The point of all this isn’t film of course, it’s you. Well, you and me. And the fact that we are all far too occupied with virtue signalling to actually have any virtues. Being mindful and propagating our #mindfulness credentials, it strikes me, are all-too-often mutually exclusive.

The irony of the #BanSingleUsePlastic / #ShotOnFilm bellend is mirrored more widely in all the general displays of moral wholesomeness made via the smartphone - a device that costs a year’s wages in the parts of the world where its constituent parts are sourced, and requires a Congolese seven-year-old to go down a mine to produce.

Meanwhile, ocean plastic is such a cause celebre these days that even Sky News are championing it, via Sky Ocean Rescue. Is it just me, or anyone else thinking: “What’s the catch here, News Corp?”

"Plastic is not in itself an evil material, it is the fact that we use so much of it"

Kicking the shit out of single use plastics isn’t a bad thing, of course. If none were ever used again, that’d generally be an excellent thing. But in terms of climate collapse, habitat destruction and mass extinctions - aka the biggest threats facing the biosphere - we’d be more or less as we were.

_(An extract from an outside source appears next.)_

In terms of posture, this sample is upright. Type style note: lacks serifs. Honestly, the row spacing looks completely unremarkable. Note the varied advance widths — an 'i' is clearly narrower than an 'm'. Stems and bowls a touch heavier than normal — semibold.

What’s more, believe it or not, some environmental advocates speak up in favour of plastic… well not in favour of it as such, but against the current chic of its universal condemnation.

Guy Singh-Watson, founder of Riverford Organics in Devon, said demonising plastic could actually do more harm than good. Unbelievably, Singh Watson started organic farming in 1988, 20 years before the invention of the smartphone and the hashtag.

He recently told the BBC: "The almost religious fervour of some of our customers in being anti-plastic can actually create problems. Plastic is not in itself an evil material, it is the fact that we use so much of it. The biggest environmental challenge facing our planet is climate change - and anything that distracts attention from that is potentially dangerous."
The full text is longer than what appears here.